Streaming services and lessons for unrivalled customer experience
"To produce attractive content in a future shaped by digitalisation, first-class technological capabilities are a necessity".
This was the succinct message by researchers at Deloitte in predicting the TV and video industry landscape by 2030. They issued a clarion call to established broadcasters and content producers to "constantly invest in their digital competence, because technology has become a core element of their business processes."
There's a common denominator, not oft-spoken 'secret sauce' amongst streaming giants like Netflix, Disney+ or HBO Max - they're often generally recognised as digital content pioneers, not "observability leaders". But a closer look under the hood will reveal otherwise.
The entertainment giants have long realised that observability is pivotal to preventing downtime and outages while increasing viewers' loyalty and adoption. They serve valuable lessons for accomplished and upcoming players alike.
Using observability to create a best-in-class customer experience starts with a data-driven approach. The big streaming services take a very deliberate path in defining the measurable attributes of a great customer experience.
This involves determining the benchmarks to achieve and then creating linkages between these benchmarks and all of the systems and services required to deliver that experience.
As with most software investments, the best plan is to deliver incremental value over time then optimise the investment through information gleaned in each increment. Observability is no different.
For many large streaming service providers, initial observability investments have focused on key customer metrics, including video start-time and buffering percentage.
By looking at these metrics and their relationship to the various systems and networks required to deliver a strong customer experience from the outset, streaming services have honed their observability practice while creating a wider organisational understanding of the value of observability to both the top and bottom lines.
The importance of ubiquitous observability
Another important aspect is making observability ubiquitous in two distinct dimensions.
The organisation: tools, teams, processes and training are put in place to give every engineer access to observability tools. It's much easier to realise value if the entire ecosystem is instrumented and easier to instrument if a set of easy to use, standardised tools is provided to developers to implement observability as a standard part of the Software Development Lifecycle (SDLC).
Data: the best approach is to initially ingest as much data/information as possible (from existing systems) to enable an understanding of what data is valuable and what data can later be removed. Starting with sampling upfront might lead to missing important relationships or not allowing complex issues to be isolated.
Logs, distributed tracing fundamental to success
One of the most fundamental rules of observability for many streaming providers is recording trace IDs in logs.
In a digital world where a single user experience is created by orchestrating a large number of cloud services, the ability to correlate the experience across services and drill down into logs to isolate and resolve issues is a significant advantage and a powerful productivity tool.
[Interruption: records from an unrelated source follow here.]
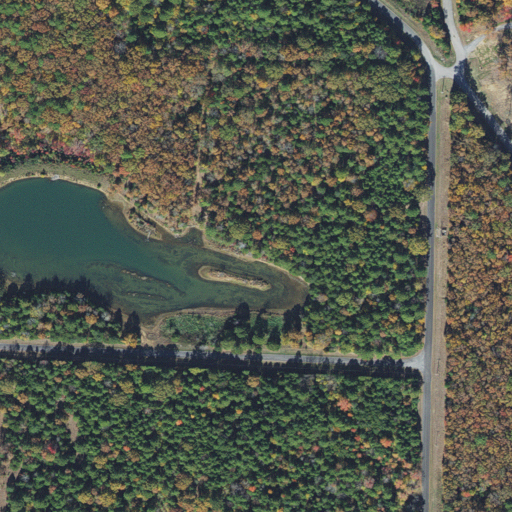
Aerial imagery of cape in Arkansas named Silver Ridge Peninsula containing evergreen forest, mixed forest, deciduous forest, low intensity development, open water, open development, grassland, shrub, and medium intensity development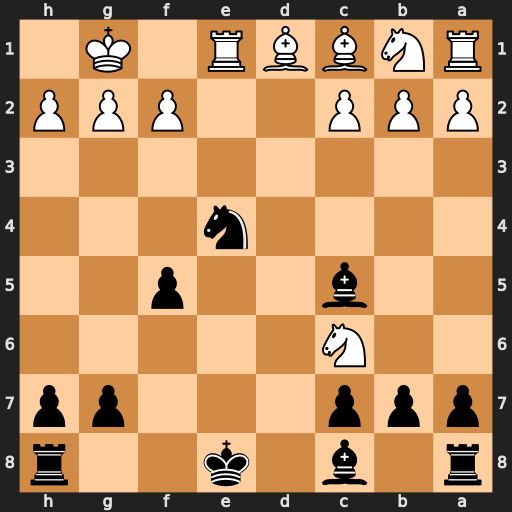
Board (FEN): r1b1k2r/ppp3pp/2N5/2b2p2/4n3/8/PPP2PPP/RNBBR1K1
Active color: b
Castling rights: kq
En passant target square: -
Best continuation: Bxf2+ Kf1 Bxe1 Kxe1 bxc6
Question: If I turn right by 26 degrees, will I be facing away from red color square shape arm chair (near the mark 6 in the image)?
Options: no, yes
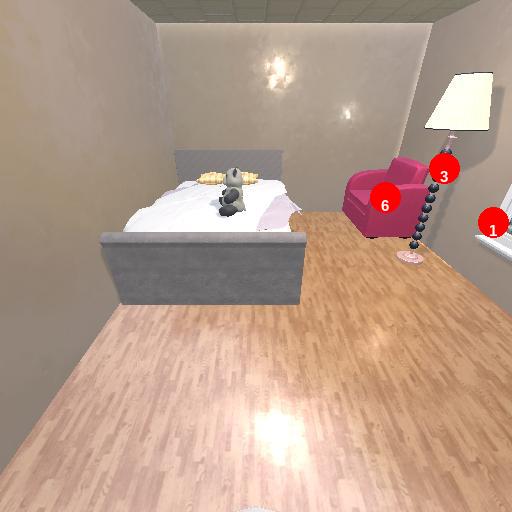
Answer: no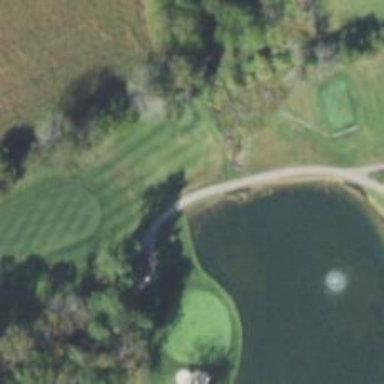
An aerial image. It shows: Path for both roads and golfers.

For example, Netflix has created an internal tool called Edgar that allows for the service relationships to be displayed and highlights the service parts that are correlated with issues to allow faster problem resolution.
Other streaming giants use similar types of functionality in observability platforms, including aggregate views through Workloads, Galaxy and PathPoint, and automatic, zero-configuration dashboards such as Lookout that bring possible anomalies to the attention of engineers.
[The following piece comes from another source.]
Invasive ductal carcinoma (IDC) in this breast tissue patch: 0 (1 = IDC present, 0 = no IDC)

When combined with logs and distributed tracing, these tools allow teams to understand how different services and components impact the customer experience much more efficiently.
Putting in place a real-world-ready SDLC
Another important observability principle involves making the software development lifecycle as close to production and the real world as possible.
One sub-principle of this is that observability should be built into a technology platform from the beginning, starting with the developer's integrated developer environment (IDE) and running through each of the environments leading up to production.
The second sub-principle is chaos engineering - or a deliberate strategy in development to faithfully reproduce real-life situations through development processes that introduce all of the random ugliness that occurs in the real world.
Netflix started this off in earnest with the introduction of an internally developed tool called Chaos Monkey that randomly "took out" servers, thereby forcing a development mindset focused on resilience under pressure.
In combination with full-stack observability frameworks, this ubiquitous, real-world approach results in better, more reliable systems and a much happier customer.
In the streaming world, quality customer experience also relies on partners and systems outside an organisation. This includes Content Delivery Network (CDN) providers, mobile and broadband networks, Digital Rights Management (DRM) providers and a host of other services.
Partnering with businesses that can integrate these external signals into a framework that encompasses a wider streaming ecosystem will enable the full competitive advantage of observability to be realised.